De acordo com o documento compartilhado junto à alegação, um informante identificado como “Cimelody-3” afirmou que um amigo ouviu, em 1955, o suposto ex-oficial nazista Phillip Citroën dizer que ele “contatava Hitler uma vez por mês na Colômbia” e que o líder nazista havia se mudado para a Argentina em janeiro daquele mesmo ano.
Afirmações semelhantes circulam em espanhol, inglês, romeno e alemão.

No final da Segunda Guerra Mundial, muitos nacional-socialistas fugiram para a América do Sul. Entre eles estavam Adolf Eichmann, responsável pelas atas da Conferência de Wannsee, onde foi organizado o genocídio dos judeus, e Josef Mengele, médico do campo de concentração de Auschwitz conhecido por realizar experimentos em prisioneiros.
Após o envio de arquivos confidenciais aos Estados Unidos em 1º de abril de 2025 (1, 2), a Argentina tornou públicos, no dia 28 do mesmo mês, mais de 1.300 documentos sobre nazistas refugiados no país, incluindo decretos presidenciais que até então eram mantidos em segredo.

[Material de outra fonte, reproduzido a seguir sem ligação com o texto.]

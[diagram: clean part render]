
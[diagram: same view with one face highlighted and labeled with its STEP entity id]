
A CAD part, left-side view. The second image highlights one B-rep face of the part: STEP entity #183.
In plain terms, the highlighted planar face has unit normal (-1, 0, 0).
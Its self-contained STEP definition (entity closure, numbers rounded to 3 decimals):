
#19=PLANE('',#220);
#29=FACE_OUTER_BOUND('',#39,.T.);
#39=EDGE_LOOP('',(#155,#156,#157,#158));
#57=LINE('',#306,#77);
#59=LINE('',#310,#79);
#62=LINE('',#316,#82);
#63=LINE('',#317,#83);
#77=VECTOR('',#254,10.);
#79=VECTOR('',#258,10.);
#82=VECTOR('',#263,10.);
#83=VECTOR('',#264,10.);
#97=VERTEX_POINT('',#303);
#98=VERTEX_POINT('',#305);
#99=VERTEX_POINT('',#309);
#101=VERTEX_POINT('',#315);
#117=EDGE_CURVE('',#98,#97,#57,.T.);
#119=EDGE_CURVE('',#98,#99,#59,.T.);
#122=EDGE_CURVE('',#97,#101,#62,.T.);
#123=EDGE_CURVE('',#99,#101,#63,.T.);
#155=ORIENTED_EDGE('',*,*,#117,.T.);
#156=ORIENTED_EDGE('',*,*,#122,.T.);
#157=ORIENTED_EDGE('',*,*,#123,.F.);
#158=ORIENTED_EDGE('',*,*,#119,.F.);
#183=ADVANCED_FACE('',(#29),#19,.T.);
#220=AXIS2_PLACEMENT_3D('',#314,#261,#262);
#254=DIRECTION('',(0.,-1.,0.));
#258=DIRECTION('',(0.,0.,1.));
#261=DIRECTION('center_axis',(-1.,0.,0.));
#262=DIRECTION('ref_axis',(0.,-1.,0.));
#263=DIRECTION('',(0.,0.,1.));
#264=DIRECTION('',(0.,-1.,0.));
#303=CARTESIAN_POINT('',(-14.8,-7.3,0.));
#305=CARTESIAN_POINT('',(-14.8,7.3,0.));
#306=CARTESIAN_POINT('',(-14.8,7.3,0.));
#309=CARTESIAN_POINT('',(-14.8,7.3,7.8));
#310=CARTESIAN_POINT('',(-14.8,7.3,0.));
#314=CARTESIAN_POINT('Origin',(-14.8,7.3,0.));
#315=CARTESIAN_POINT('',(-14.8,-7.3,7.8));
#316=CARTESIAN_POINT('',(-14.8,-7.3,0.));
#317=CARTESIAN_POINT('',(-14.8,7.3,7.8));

No entanto, é falso que o documento da CIA compartilhado nas redes sociais prove que Adolf Hitler fugiu para a América do Sul depois da guerra.
A existência do relatório não constitui uma prova
Uma pesquisa no Google por “Adolf Hitler”, limitando os resultados ao site da CIA, exibiu o documento viral. Trata-se da segunda de três páginas de um arquivo PDF, disponível na biblioteca virtual da agência norte-americana.

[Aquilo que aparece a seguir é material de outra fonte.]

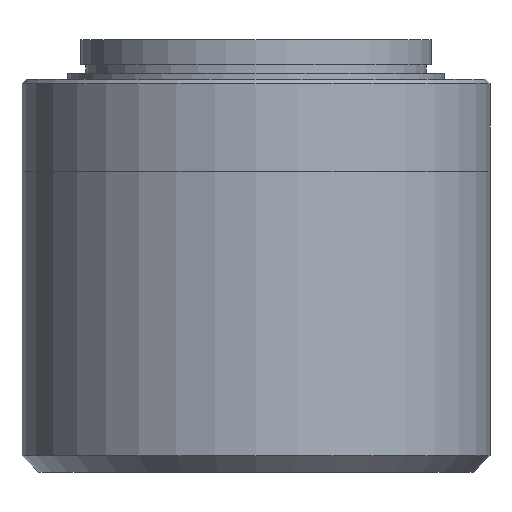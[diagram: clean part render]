
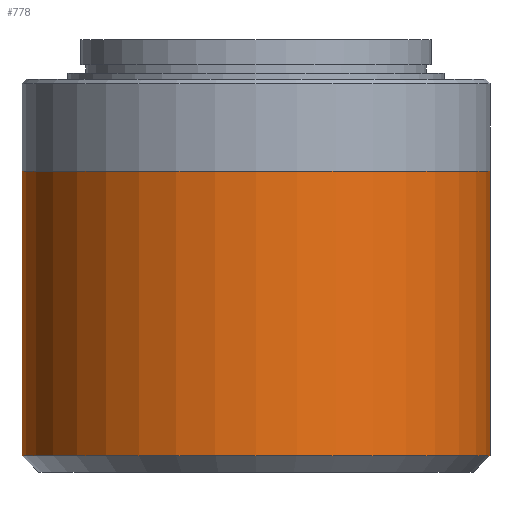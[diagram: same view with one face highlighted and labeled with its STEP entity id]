
A CAD part, front view. The second image highlights one B-rep face of the part: STEP entity #778.
In plain terms, the highlighted cylindrical face has radius 28 mm (diameter 56 mm), a partial arc.
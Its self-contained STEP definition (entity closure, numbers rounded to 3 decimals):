
#778 = ADVANCED_FACE ( 'NONE', ( #6381 ), #22017, .T. ) ;
#930 = DIRECTION ( 'NONE',  ( -1., 0., 0. ) ) ;
#963 = VERTEX_POINT ( 'NONE', #22505 ) ;
#4616 = CARTESIAN_POINT ( 'NONE',  ( 28., 0., 36. ) ) ;
#4909 = EDGE_CURVE ( 'NONE', #13903, #963, #21571, .T. ) ;
#4939 = VECTOR ( 'NONE', #27108, 1000. ) ;
#6381 = FACE_OUTER_BOUND ( 'NONE', #12434, .T. ) ;
#6549 = DIRECTION ( 'NONE',  ( -1., 0., 0. ) ) ;
#7314 = VERTEX_POINT ( 'NONE', #9140 ) ;
#8123 = ORIENTED_EDGE ( 'NONE', *, *, #13051, .F. ) ;
#8901 = CARTESIAN_POINT ( 'NONE',  ( -28., 0., 36. ) ) ;
#9140 = CARTESIAN_POINT ( 'NONE',  ( -28., 0., 2. ) ) ;
#9449 = DIRECTION ( 'NONE',  ( 0., 0., 1. ) ) ;
#9712 = ORIENTED_EDGE ( 'NONE', *, *, #16640, .F. ) ;
#11935 = AXIS2_PLACEMENT_3D ( 'NONE', #15396, #9449, #930 ) ;
#12434 = EDGE_LOOP ( 'NONE', ( #21208, #9712, #14756, #8123 ) ) ;
#12871 = DIRECTION ( 'NONE',  ( -1., 0., 0. ) ) ;
#13051 = EDGE_CURVE ( 'NONE', #963, #7314, #18185, .T. ) ;
#13903 = VERTEX_POINT ( 'NONE', #4616 ) ;
#14756 = ORIENTED_EDGE ( 'NONE', *, *, #26771, .T. ) ;
#15329 = CARTESIAN_POINT ( 'NONE',  ( 0., 0., 2. ) ) ;
#15396 = CARTESIAN_POINT ( 'NONE',  ( 0., 0., 36. ) ) ;
#16524 = CARTESIAN_POINT ( 'NONE',  ( 28., 0., 36. ) ) ;
#16640 = EDGE_CURVE ( 'NONE', #25217, #13903, #24886, .T. ) ;
#17001 = AXIS2_PLACEMENT_3D ( 'NONE', #19720, #23564, #12871 ) ;
#18185 = CIRCLE ( 'NONE', #22564, 28. ) ;
#18418 = CARTESIAN_POINT ( 'NONE',  ( -28., 0., 36. ) ) ;
#19289 = VECTOR ( 'NONE', #22099, 1000. ) ;
#19408 = DIRECTION ( 'NONE',  ( 0., 0., -1. ) ) ;
#19720 = CARTESIAN_POINT ( 'NONE',  ( 0., 0., 36. ) ) ;
#21208 = ORIENTED_EDGE ( 'NONE', *, *, #4909, .F. ) ;
#21571 = LINE ( 'NONE', #16524, #4939 ) ;
#22017 = CYLINDRICAL_SURFACE ( 'NONE', #17001, 28. ) ;
#22099 = DIRECTION ( 'NONE',  ( 0., 0., -1. ) ) ;
#22505 = CARTESIAN_POINT ( 'NONE',  ( 28., 0., 2. ) ) ;
#22564 = AXIS2_PLACEMENT_3D ( 'NONE', #15329, #19408, #6549 ) ;
#23564 = DIRECTION ( 'NONE',  ( 0., 0., -1. ) ) ;
#24886 = CIRCLE ( 'NONE', #11935, 28. ) ;
#25217 = VERTEX_POINT ( 'NONE', #18418 ) ;
#26771 = EDGE_CURVE ( 'NONE', #25217, #7314, #27714, .T. ) ;
#27108 = DIRECTION ( 'NONE',  ( 0., 0., -1. ) ) ;
#27714 = LINE ( 'NONE', #8901, #19289 ) ;

De acordo com a descrição em inglês, o documento faz parte da Lei de Divulgação de Crimes de Guerra Nazistas, aprovada em 1998. Sob essa legislação — e de uma lei semelhante sobre o governo imperial japonês — 1,2 milhão de páginas do Escritório de Serviços Estratégicos, o antecessor da CIA, e 114.200 páginas da própria agência foram desclassificadas.

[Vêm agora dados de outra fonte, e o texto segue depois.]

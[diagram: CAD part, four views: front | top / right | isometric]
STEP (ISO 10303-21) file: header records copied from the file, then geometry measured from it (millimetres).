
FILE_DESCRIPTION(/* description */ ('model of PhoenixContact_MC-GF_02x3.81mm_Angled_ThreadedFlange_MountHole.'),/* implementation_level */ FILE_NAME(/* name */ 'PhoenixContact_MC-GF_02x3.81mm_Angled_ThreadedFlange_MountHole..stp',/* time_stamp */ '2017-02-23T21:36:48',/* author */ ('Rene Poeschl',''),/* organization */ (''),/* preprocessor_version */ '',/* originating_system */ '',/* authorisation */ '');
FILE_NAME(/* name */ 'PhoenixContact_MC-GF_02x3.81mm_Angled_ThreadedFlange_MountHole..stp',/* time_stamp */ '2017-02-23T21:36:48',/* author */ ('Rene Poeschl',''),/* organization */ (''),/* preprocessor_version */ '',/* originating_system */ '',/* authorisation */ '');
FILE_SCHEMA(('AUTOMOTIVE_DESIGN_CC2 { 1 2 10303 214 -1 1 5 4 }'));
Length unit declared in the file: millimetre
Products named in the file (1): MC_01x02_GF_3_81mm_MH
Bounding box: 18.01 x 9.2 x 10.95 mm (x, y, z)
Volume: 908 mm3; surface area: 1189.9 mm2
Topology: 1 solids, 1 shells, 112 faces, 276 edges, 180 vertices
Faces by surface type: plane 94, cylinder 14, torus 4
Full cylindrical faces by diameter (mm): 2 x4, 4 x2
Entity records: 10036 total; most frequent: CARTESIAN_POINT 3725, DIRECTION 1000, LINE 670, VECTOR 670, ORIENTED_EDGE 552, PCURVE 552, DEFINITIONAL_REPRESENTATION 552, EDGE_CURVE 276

O documento não especifica a data em que deixou de ser confidencial. No entanto, uma busca no Google pelos termos “Hitler”, “CIA” e “Argentina” mostrou que o conteúdo já havia sido noticiado pela imprensa em 2017, em meio a versões que sugeriam que o líder nazista teria estado na Colômbia.
“O fato de tais informações aparecerem em um relatório da CIA não significa que o avistamento esteja 'confirmado' ou que algo esteja realmente 'provado'”, disse Steven Woodbridge, professor visitante da Universidade de Kingston, em Londres, e especialista em história europeia do século XX, à AFP em 9 de abril de 2025.
De acordo com Woodbridge, o mito em torno do documento da CIA é “um bom exemplo dos muitos rumores falsos, teorias da conspiração e alegações fraudulentas feitas por simpatizantes nazistas nos anos imediatamente posteriores à Segunda Guerra Mundial” e que ainda são perpetuados.
“Mas não há absolutamente nenhuma evidência de que Hitler tenha sobrevivido e 'escapado' para viver na América do Sul”, concluiu.
Isso é confirmado por um documento da CIA, publicado em 4 de novembro de 1955, no qual a agência recomenda ao seu escritório em Bogotá “que desconsidere esse assunto”.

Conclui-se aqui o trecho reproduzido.